BRIEF: Images excluded, repeat each entry below exactly.
[[ AVAILABLE RECORDS open ]]
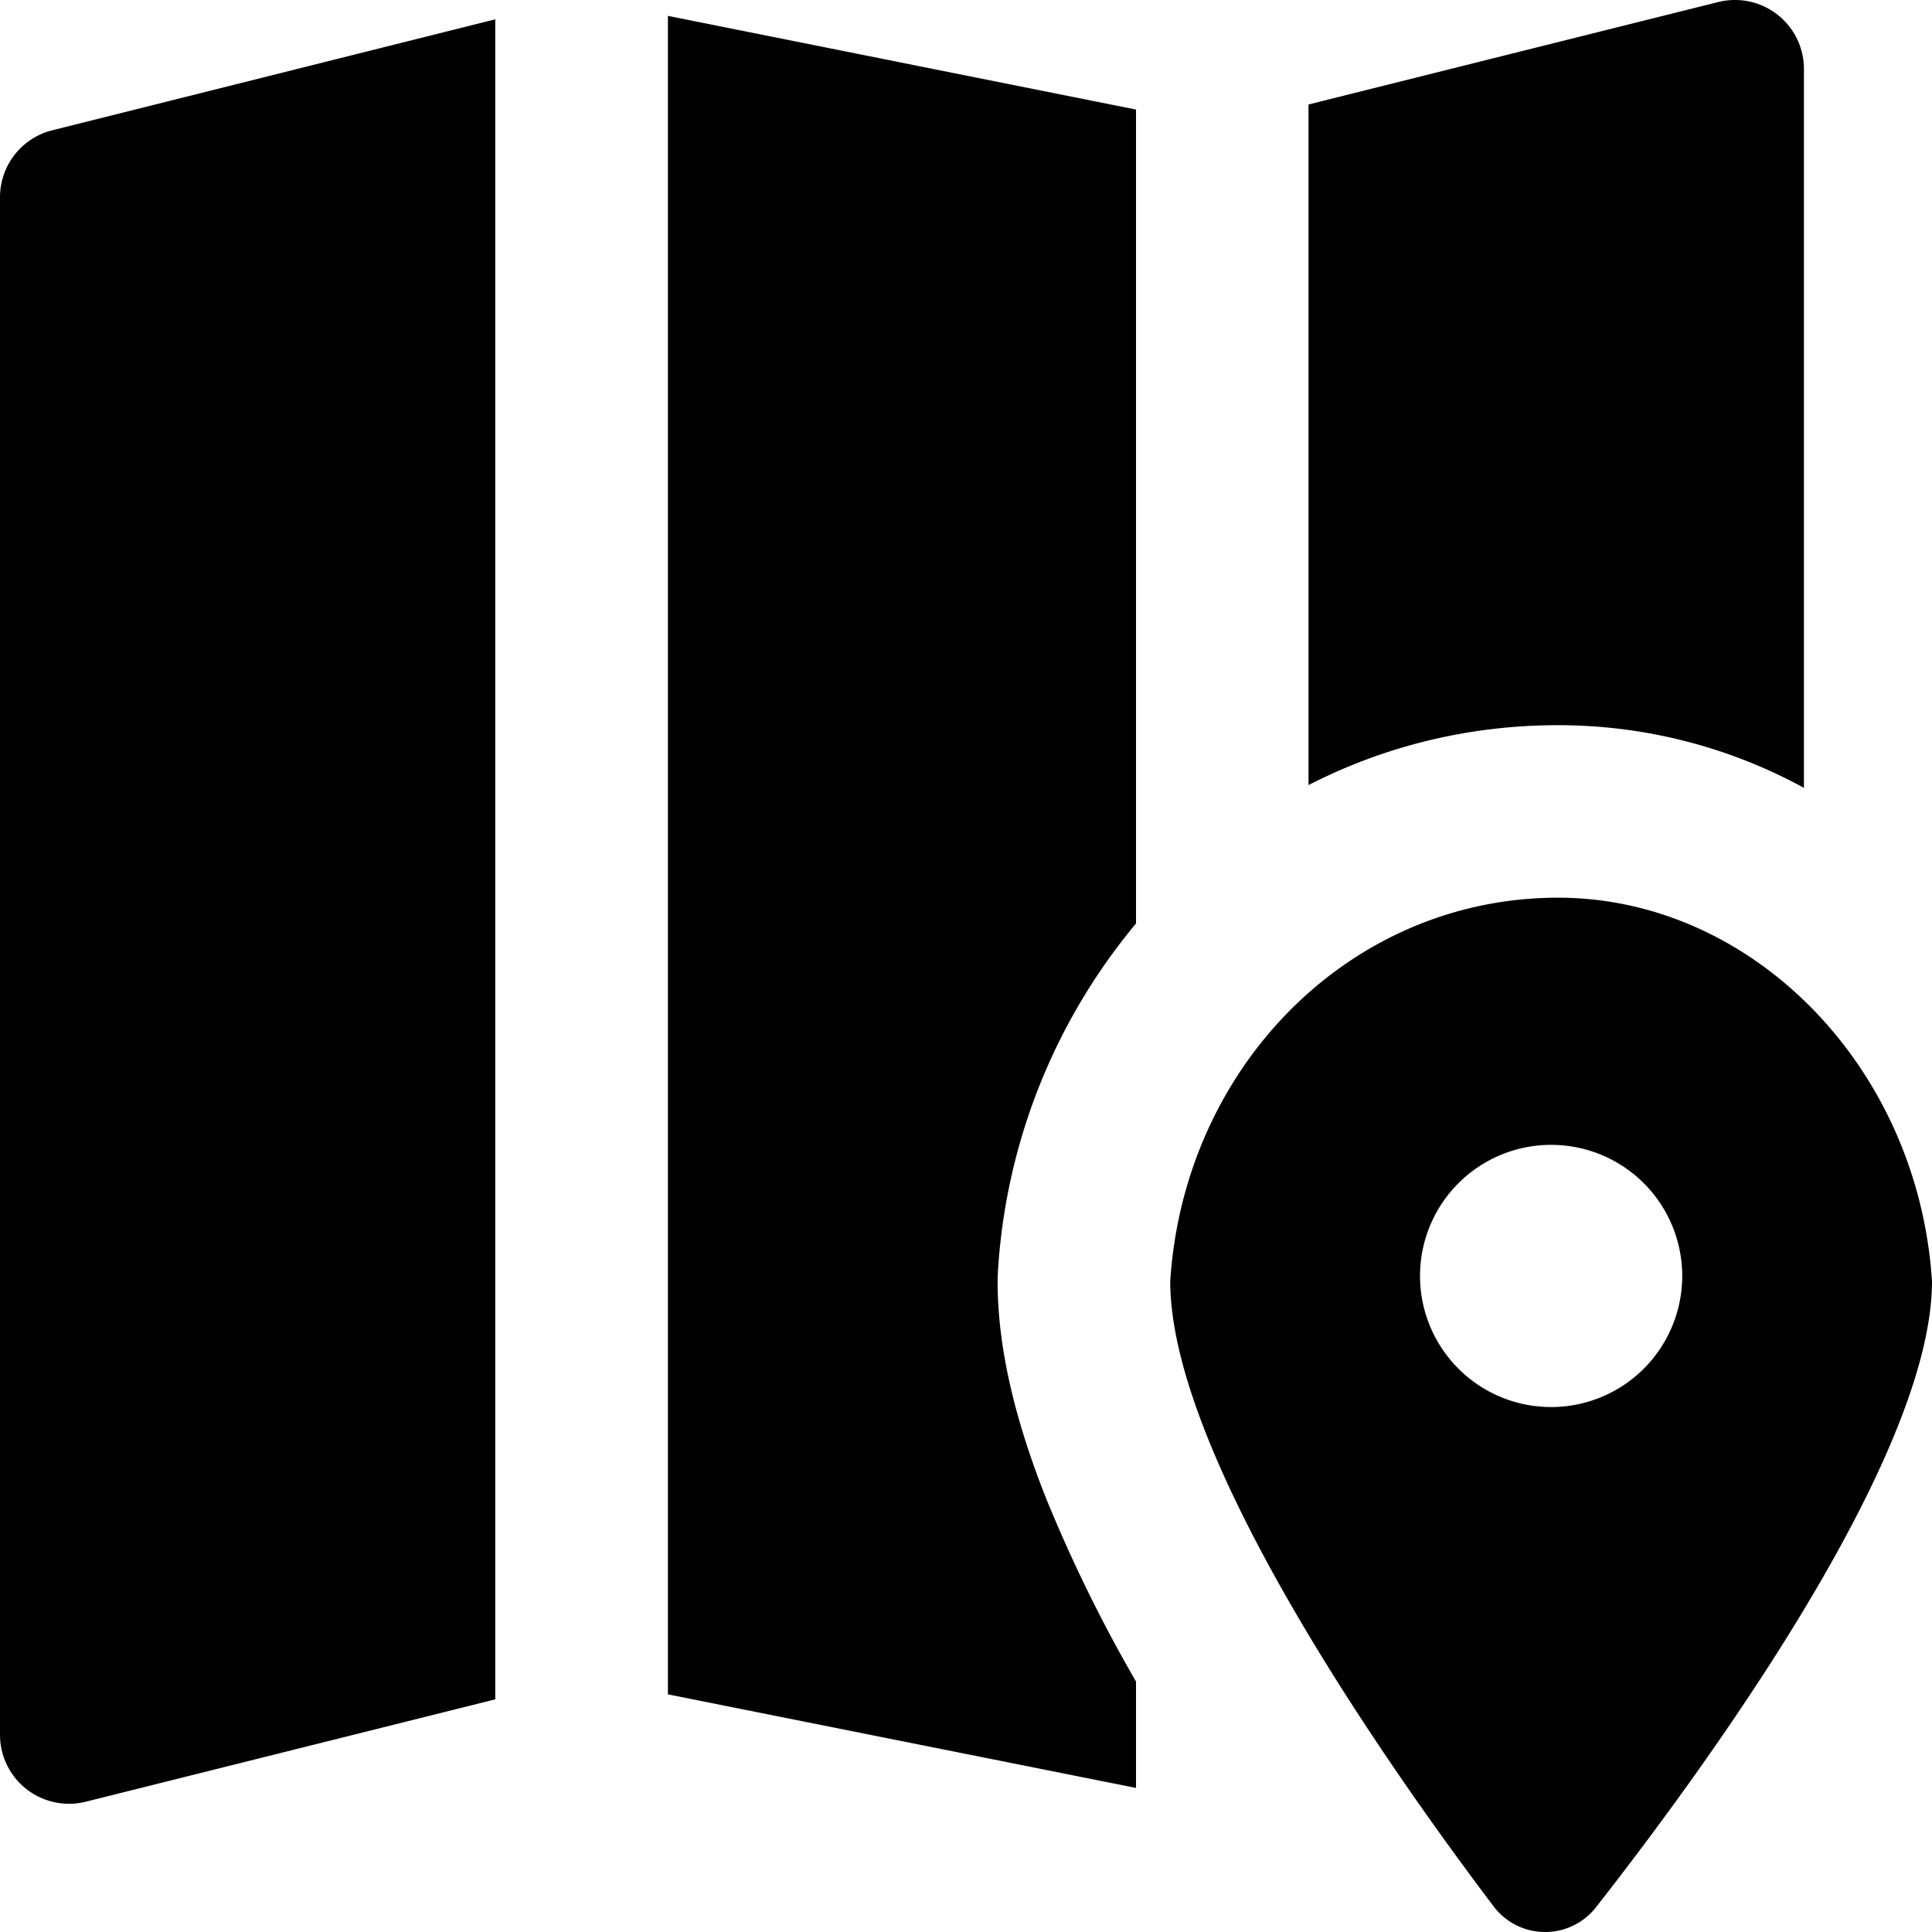 <svg xmlns="http://www.w3.org/2000/svg" fill="none" viewBox="0 0 14 14" height="48" width="48">
  <g id="map-location--map-location-pin-navigation-gps-travel">
    <path
      id="Union"
      fill="#000"
      fill-rule="evenodd"
      d="M8.232.794 4.84.115v12.163l3.392.678v-.771a10.706 10.706 0 0 1-.653-1.331c-.185-.467-.35-1.02-.35-1.57 0-.027.002-.054.003-.08a4.347 4.347 0 0 1 1-2.512V.794ZM13.072.5v5.209a3.71 3.71 0 0 0-1.782-.454c-.659 0-1.27.158-1.808.434V.757L12.45.015a.5.5 0 0 1 .622.485ZM.379.944 3.589.14v12.174l-2.968.742A.5.5 0 0 1 0 12.57V1.43A.5.5 0 0 1 .379.944ZM14 9.284c0 1.284-1.666 3.555-2.432 4.533a.468.468 0 0 1-.748-.007c-.741-.98-2.34-3.245-2.34-4.526.1-1.556 1.305-2.779 2.81-2.779 1.405 0 2.61 1.223 2.71 2.78Zm-1.81-.038a.95.95 0 1 1-1.9 0 .95.95 0 0 1 1.9 0Z"
      clip-rule="evenodd"
    ></path>
  </g>
</svg>
[[ AVAILABLE RECORDS closed ]]
SOLVED EXERCISE:
 <svg xmlns="http://www.w3.org/2000/svg" fill="none" viewBox="0 0 14 14" height="48" width="48">
  <g id="map-location--map-location-pin-navigation-gps-travel">
    <path
      id="Union"
      fill="#000"
      fill-rule="evenodd"
      d="M8.232.794 4.84.115v12.163l3.392.678v-.771a10.706 10.706 0 0 1-.653-1.331c-.185-.467-.35-1.02-.35-1.57 0-.027.002-.054.003-.08a4.347 4.347 0 0 1 1-2.512V.794ZM13.072.5v5.209a3.71 3.71 0 0 0-1.782-.454c-.659 0-1.27.158-1.808.434V.757L12.45.015a.5.5 0 0 1 .622.485ZM.379.944 3.589.14v12.174l-2.968.742A.5.5 0 0 1 0 12.57V1.43A.5.5 0 0 1 .379.944ZM14 9.284c0 1.284-1.666 3.555-2.432 4.533a.468.468 0 0 1-.748-.007c-.741-.98-2.34-3.245-2.34-4.526.1-1.556 1.305-2.779 2.81-2.779 1.405 0 2.61 1.223 2.71 2.78Zm-1.81-.038a.95.95 0 1 1-1.9 0 .95.95 0 0 1 1.9 0Z"
      clip-rule="evenodd"
    ></path>
  </g>
</svg>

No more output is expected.